Но Ромашку подобный ответ не устраивал.
— Где те... которые...
Он пожал плечами:
— Не знаю. Наверное, уже пришли в себя и разошлись по домам. Ты помолчи лучше.
— А где Рысь? — не унималась девушка.
Он снова пожал плечами.
— Не знаю. Извини.
Девушка вздохнула и попыталась оглядеться. Бетонные стены уходили вверх и смыкались над головой. Вдоль трех стен стояли картонные коробки рядами почти до потолка, две старые табуретки, столик и одно кресло, видимо, до того изорванное, что хозяину этого непритязательного жилища пришлось укрыть его какими-то покрывалами, тоже неновыми. У четвертой стены располагался маленький, неожиданно приличный диванчик, на котором лежала она сама.
— А... где мы?
— Под землей. Под городом.
— Под городом? — удивилась Ромашка.
Ей вдруг стало жутко, но голос, в котором ей поначалу даже почудилась насмешка, успокоил:
— Не бойся. Здесь неопасно. Во всяком случае, не опаснее, чем наверху.

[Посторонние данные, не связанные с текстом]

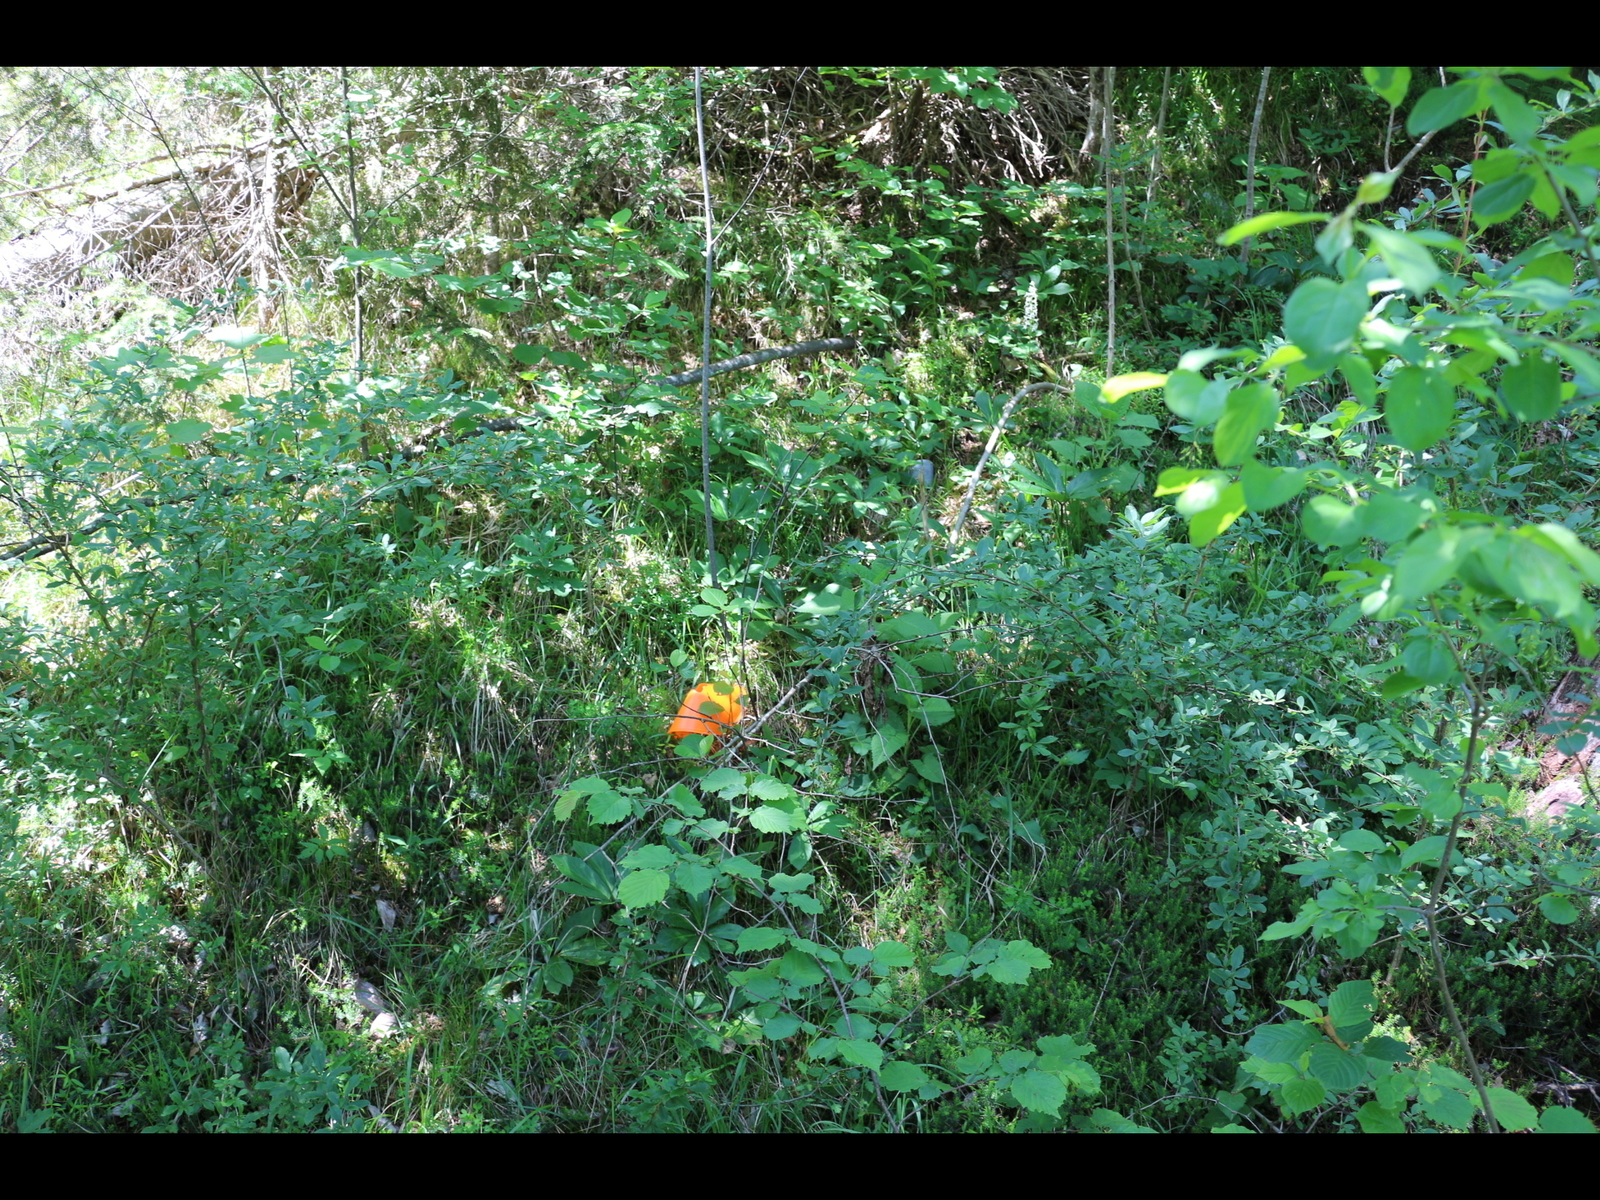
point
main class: Woodland
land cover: Pine dominated mixed woodland
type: alpine coniferous forest
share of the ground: > 75 %
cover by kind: coniferous forest trees 60 %, broadleaved forest trees 35 %, shrubs 5 %
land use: Forestry
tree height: > 5 m
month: May
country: AT
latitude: 46.5250
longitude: 14.1036
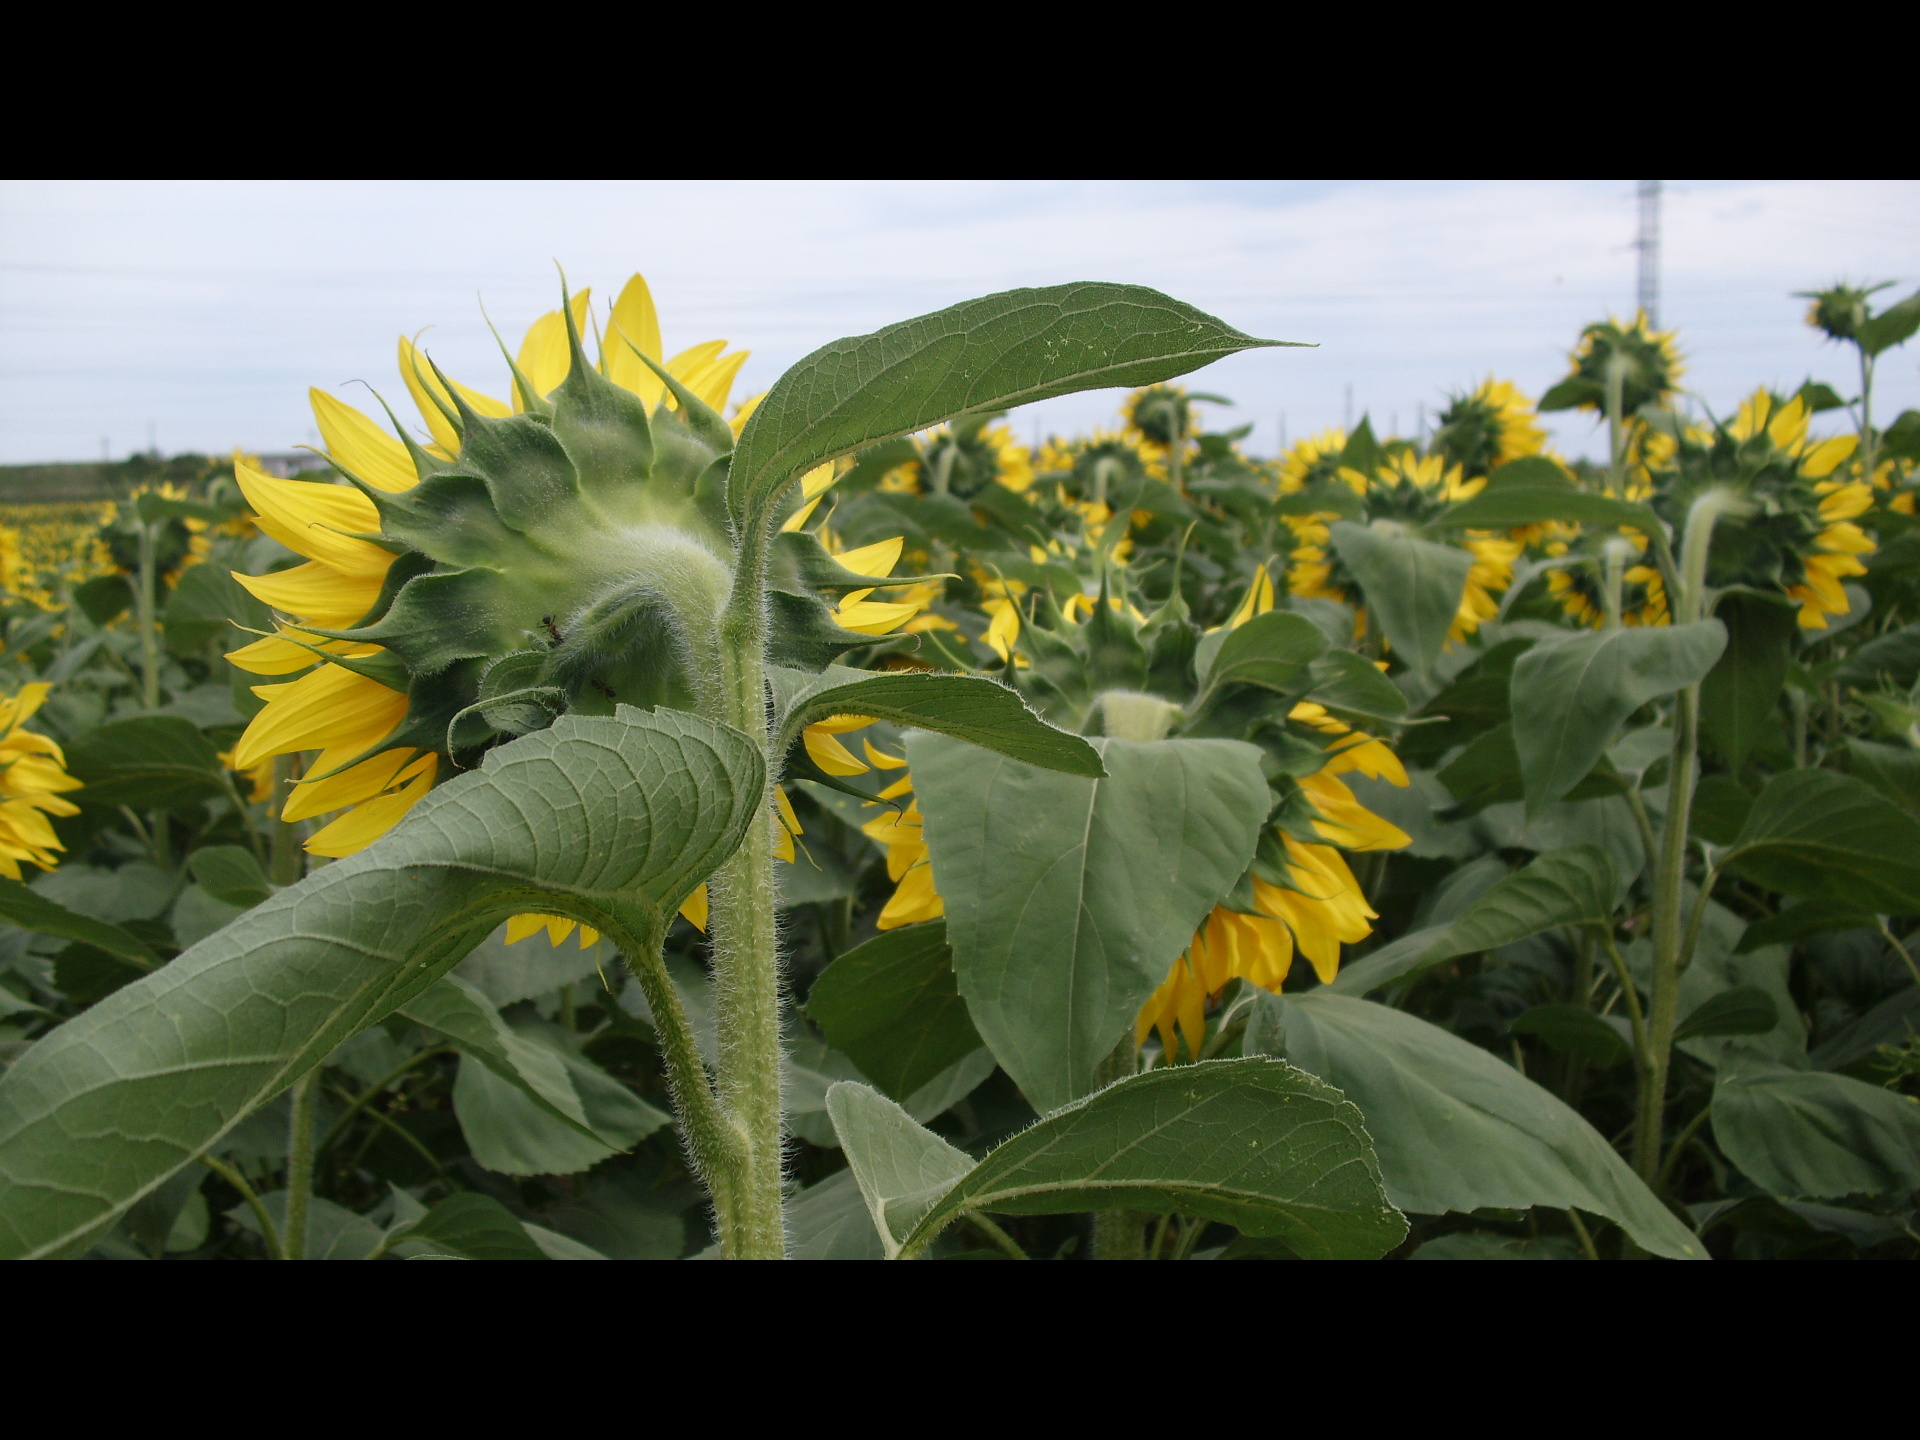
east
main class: Cropland
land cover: Sunflower
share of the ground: > 75 %
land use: Agriculture (excluding fallow land and kitchen gardens)
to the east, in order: Sunflower; Electric lines; Sunflower; Electric lines; Sunflower
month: July
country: BG
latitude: 43.9688
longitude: 22.8398
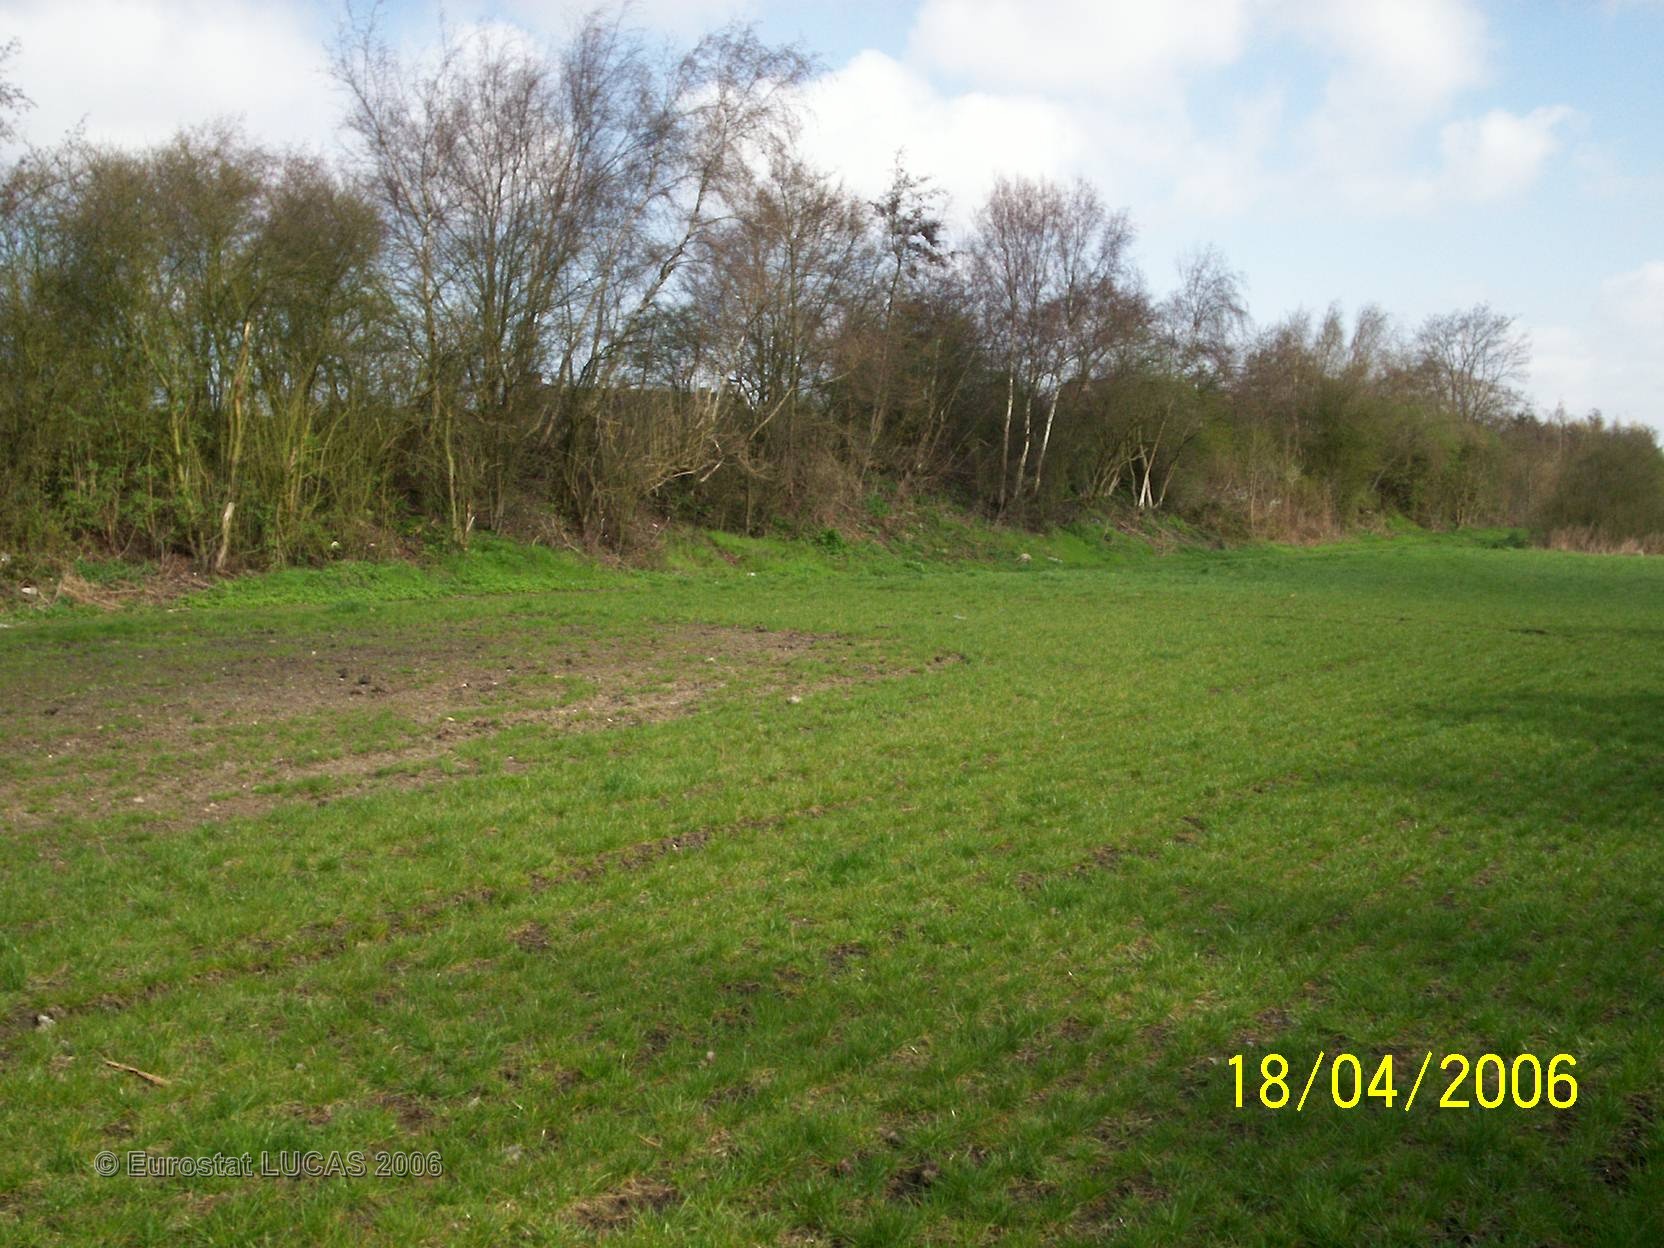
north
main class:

Мысленно Ромашка тут же с ним согласилась, а также сообразила, что незнакомец и не думал насмехаться над ней. И вновь прикрыла глаза, почувствовав облегчение от того, что не надо больше напрягать зрение. Сквозь непрекращающийся шум в ушах она услышала неясный гул, но решила пока не обращать на него внимания. Возможно, где-то рядом проходит ветка метро.
Пальцы незнакомца осторожно коснулись ее лба, подхватив высохший платок. Снова тихо плеснула вода, и девушка замерла, зная, что сейчас мокрая, холодная ткань ляжет на лоб. Боль утихала, а Ромашка вновь стала задумываться о личности своего спасителя — в том, что он ее спас, Ромашка не сомневалась, хотя на вид он был худощав и казался намного слабее тех, с кем ему пришлось, по всей видимости, иметь дело.